Stupid question: did you change the router in any way? Did it self-update or anything?

----------

## AliasXZ

Nope, i installed the wireless card, it worked fine. When I tried to use it the other night it kept saying "Associate with AP timed out" and the rest you can see from the output above. It just doesn't make any sense, the only thing that comes to my mind is that the firmware I'm using doesn't properly support my card...

I am going to play around with it a bit more this weekend, so I will post more details

----------

## d2_racing

Unplug the power on your router for 30 sec and retry.

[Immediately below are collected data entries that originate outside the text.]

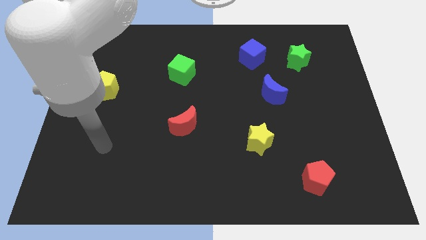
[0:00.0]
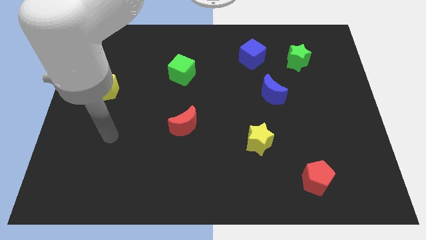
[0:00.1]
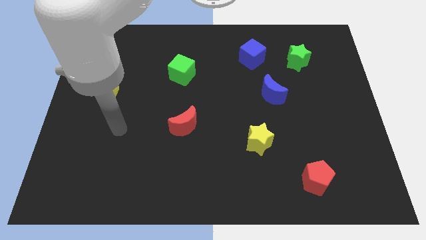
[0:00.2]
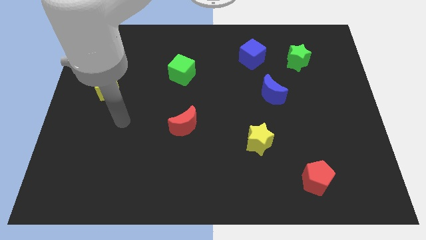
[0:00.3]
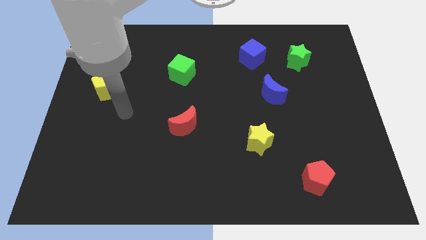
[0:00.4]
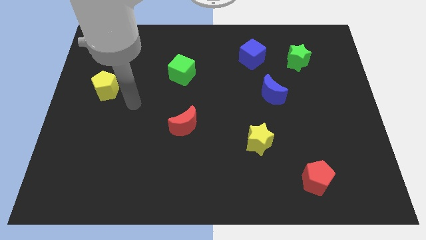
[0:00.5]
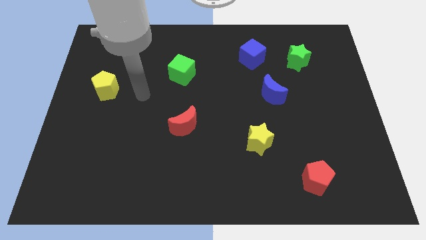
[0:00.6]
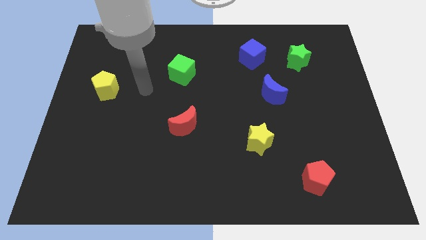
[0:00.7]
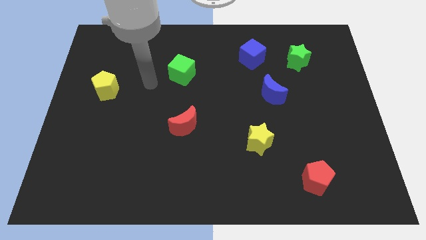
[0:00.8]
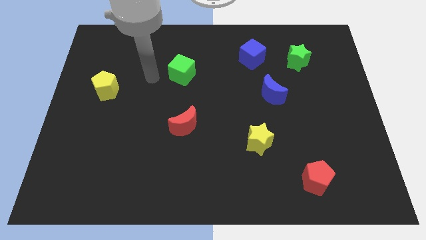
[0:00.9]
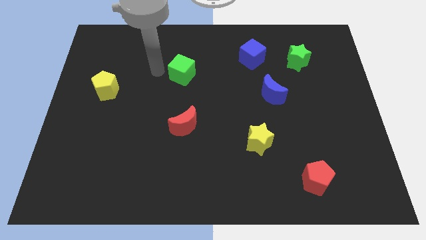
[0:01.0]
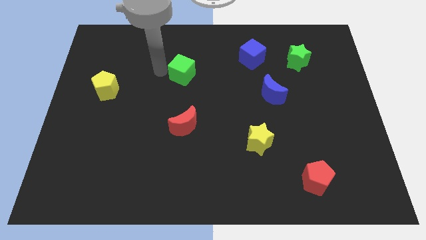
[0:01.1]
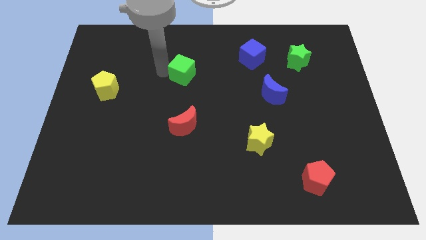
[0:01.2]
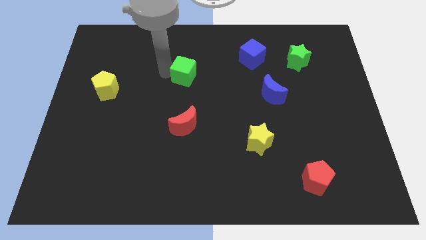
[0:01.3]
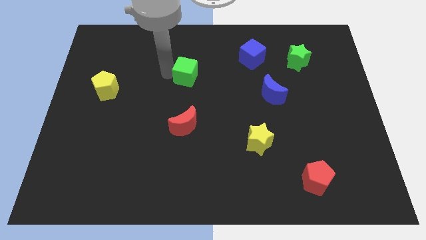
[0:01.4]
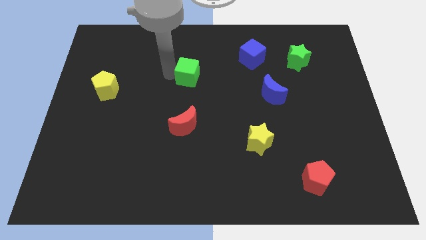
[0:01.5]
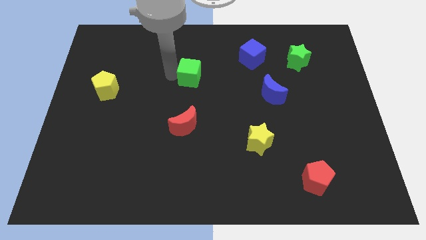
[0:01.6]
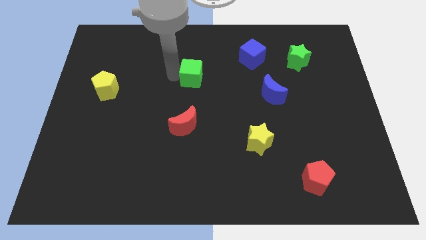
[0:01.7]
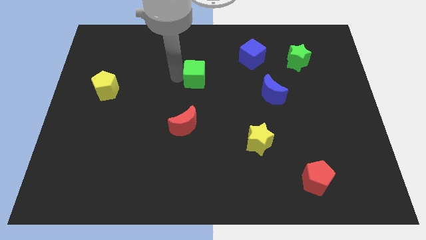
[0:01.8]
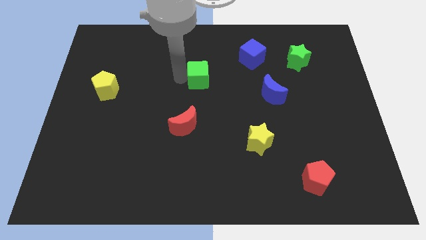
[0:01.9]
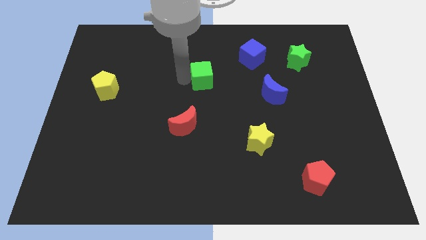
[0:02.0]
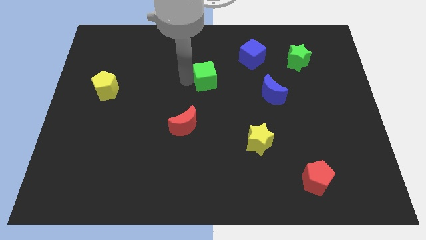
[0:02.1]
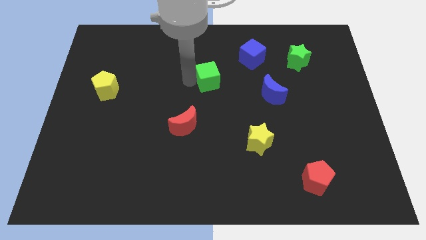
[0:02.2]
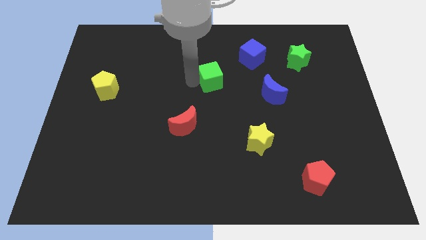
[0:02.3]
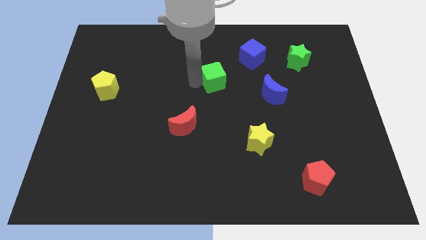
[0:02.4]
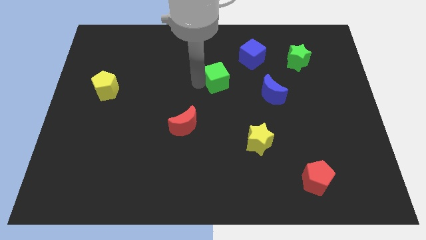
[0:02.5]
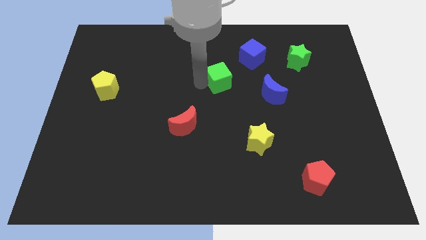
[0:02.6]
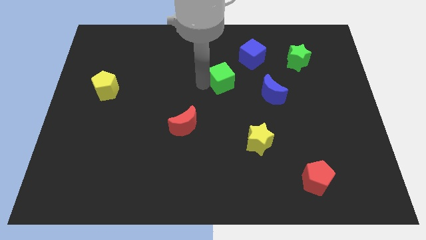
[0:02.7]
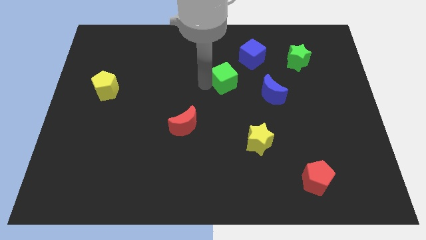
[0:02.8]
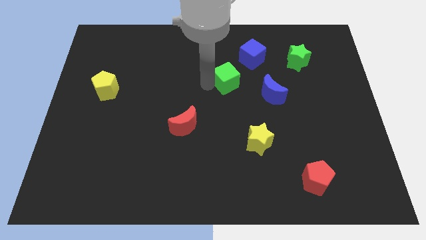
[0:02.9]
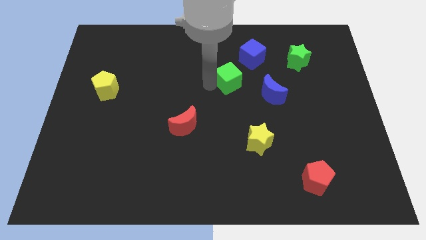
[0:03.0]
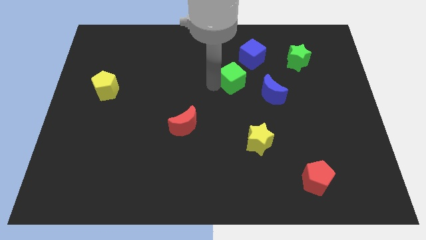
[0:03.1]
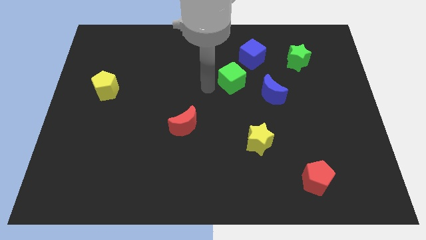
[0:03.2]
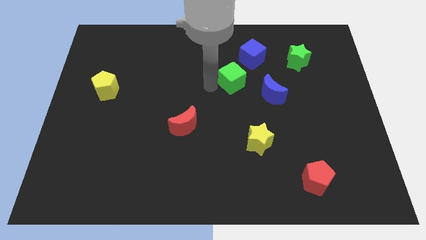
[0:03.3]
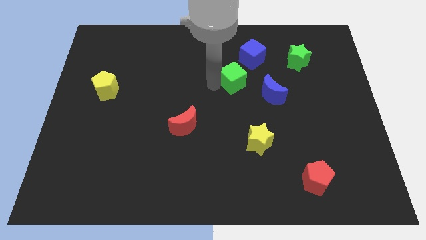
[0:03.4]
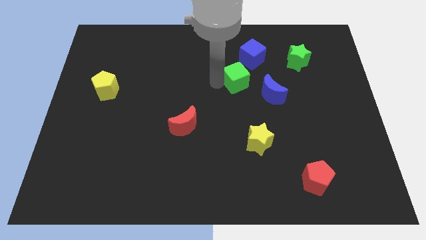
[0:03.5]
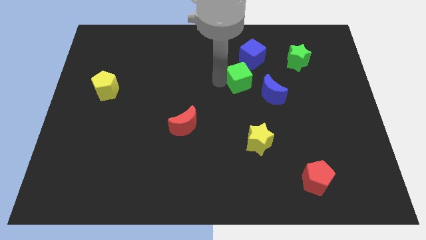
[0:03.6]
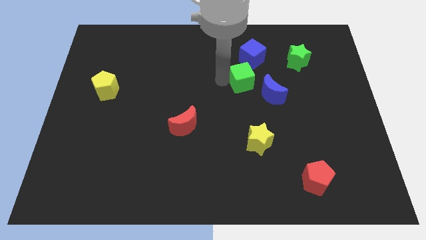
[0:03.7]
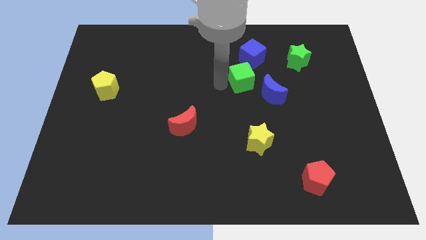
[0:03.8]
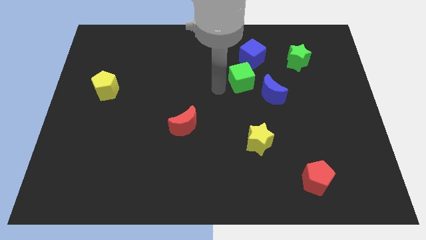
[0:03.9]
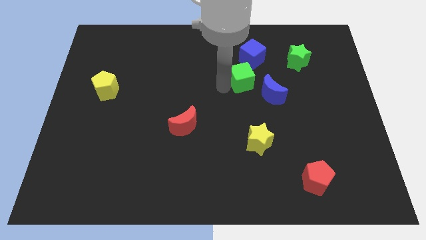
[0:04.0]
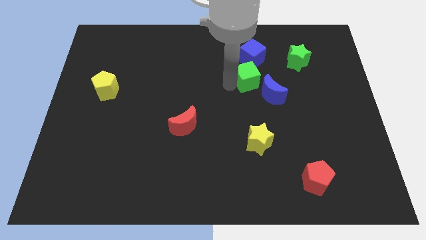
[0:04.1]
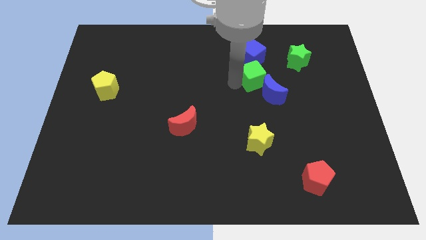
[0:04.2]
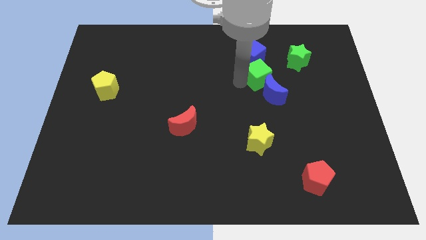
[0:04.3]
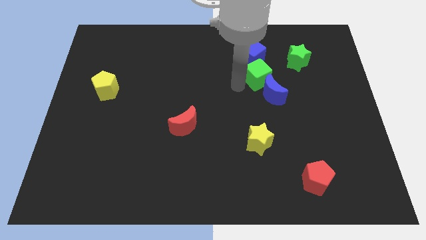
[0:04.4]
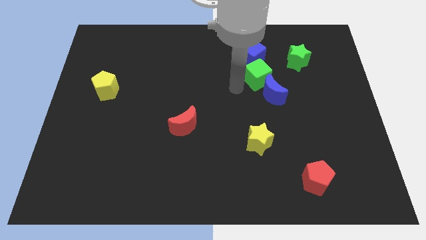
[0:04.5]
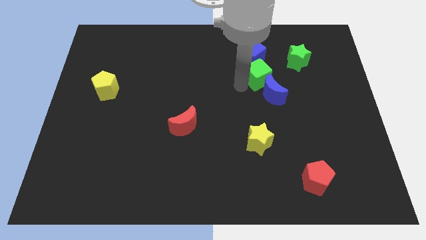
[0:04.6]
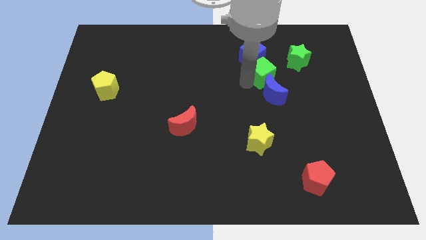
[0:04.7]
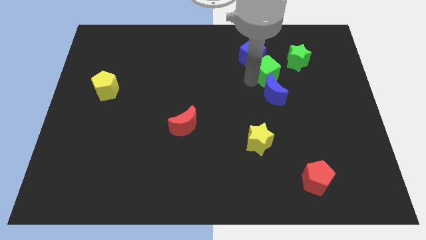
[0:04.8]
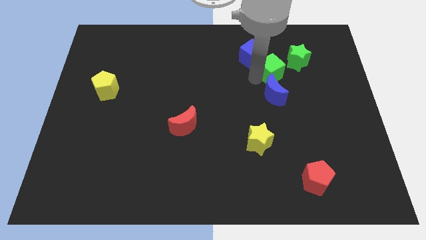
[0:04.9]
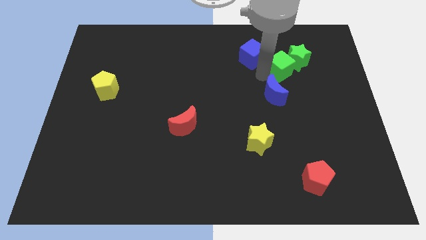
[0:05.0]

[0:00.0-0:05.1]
slide the green cube to the green star

It will do a clean reset, but no need to reconfigure your router.

----------

## AliasXZ

Ok, i just did a reinstall of everything in net-wireless/, redownloaded the same firwmare, installed it using b43-fwcuter and it now works...

That just doesn't make any sense...

----------

## DONAHUE

was a kernel update/upgrade involved

----------

## AliasXZ

no, everything was left the same, just a reinstall of the firmware and wireless tools/wpa_supplicant

----------

## DONAHUE

sorry, I was wondering if there was a kernel update at the time of the problem starting?

----------

## d2_racing

When you update your kernel, always remember to reemerge your firmware.

----------

## AliasXZ

 *d2_racing wrote:*   

> When you update your kernel, always remember to reemerge your firmware.

 

Yeah I know, I did the update to 2631r10 before I installed wireless

cheers for replies

----------